As a manager, leader and consultant, I will always be very mindful about the sorts of drama triangles that are sapping my clients' energies - and situations don't often look or feel like a theoretical diagram can neatly sum them up - but dig a little and patterns emerge. The obvious examples are where company leaders feel that they have absolutely no control over the future of their organisation - because of cuts in funding, because customers are more demanding, because you can't get the staff, because the competition are just that bit bigger - and the sensitive conversation to have is about how long this feeling has been going on and whether actually it is easier to be The Victim because the narrative it provides displaces the need to do something about it. The belief that The Rescuer will be along soon (a grant windfall, a good bit of publicity, a stay of execution from the landlord/taxman/whoever, some good results) is sometimes enough to keep people going.

When you write it down, it sounds a bit irrational (I think) - but I would guess that 80% of small values-led organisations, schools, arts organisations, SMEs, charities, have this mindset for a big chunk of their developmental years.

Is there an answer? Well, self-awareness can bring some different ways of looking at things.

Much of the follow-up work to Karpman has focused on the idea of ridding the parent-child power games in favour of more adult-adult conversation. If one part of the triangle ceases to play along (much like if you remove one of the elements needed to maintain a fire), then the drama collapses. It takes one party to speak above the noise and call for a bit of perspective.
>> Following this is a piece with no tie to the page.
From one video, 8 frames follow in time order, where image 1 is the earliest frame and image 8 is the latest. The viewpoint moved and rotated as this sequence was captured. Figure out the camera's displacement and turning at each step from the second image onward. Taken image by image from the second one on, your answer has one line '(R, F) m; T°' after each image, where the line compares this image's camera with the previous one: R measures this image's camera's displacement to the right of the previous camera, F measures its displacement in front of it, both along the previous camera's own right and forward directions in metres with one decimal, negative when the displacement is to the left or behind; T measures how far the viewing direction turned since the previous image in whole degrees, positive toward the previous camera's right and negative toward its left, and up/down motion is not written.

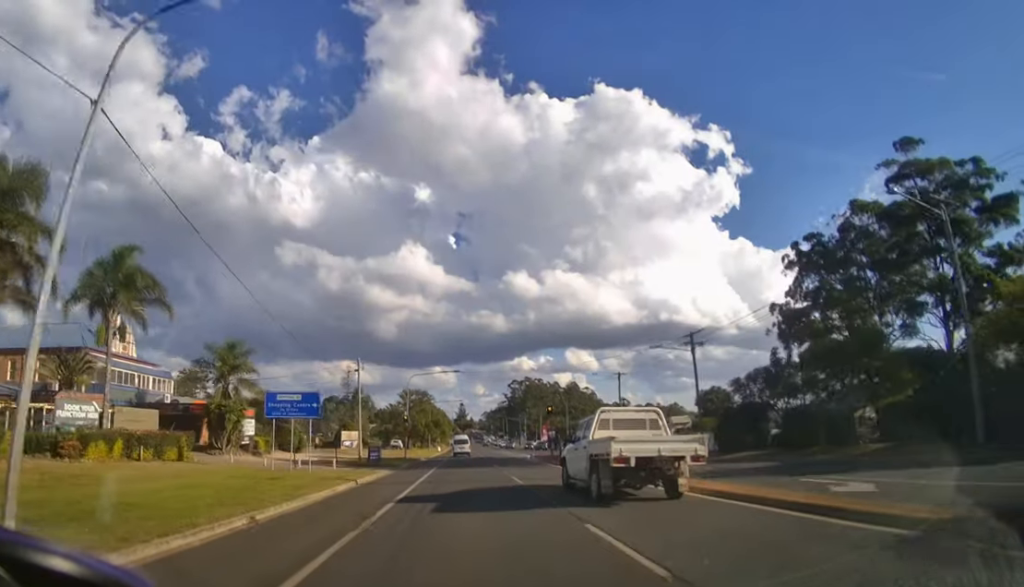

The idea is then that the energy given out in perpetuating the drama could actually be used for the long-game, reframing the action towards problem-solving behaviours rather than the emotional quick-wins. Of course, much easier said than done, but that's where some outside perspective can often help.

If it works, then The Persecutors become Challengers. They might still have a bee in their bonnet, and they might have a thing or two to say - but it moves from bullying to a more collaborative approach that relies on accountability and transparency. Most importantly, they are clear about what behaviours from others will enable them to feel less angry or critical - and to have realistic expectations about how these can be achieved.

The Victims become Survivors, understanding that purely to seek the validation of feeling vulnerable means it can never move beyond that point. The key is to identify, and then take, some action - still often with the help of others, but without the co-dependency. This may mean letting go of some strings.

The Rescuers become Coaches. Having some synergy with the Challengers, this role helps others to identify the behaviours they need to exhibit in order to get themselves out of their rut. The better the coach, the less direct rescuing they need to do.

Of course, this is just a framework, but it can help foster a dialogue within teams - especially when the proverbial starts to hit the fan. There are people who won't buy-in to it, and there a organisations who feel their natural harmony and problem-solving is the glue which binds them - which, if true, will lead to a thriving company much quicker than others. But it is rare that no-one ever finds themselves in this trap.

I will still blame my role as grumpy daddy on the car-journey sleeps and the fact that British houses are poorly designed for hot days. It's nothing to do with me, guv. Not my fault.



1 comment:

  1. I rather like this blog. The emphasis on moving from Parent-Child transactions to Adult-Adult transactions lands very comfortably with me. Thank you.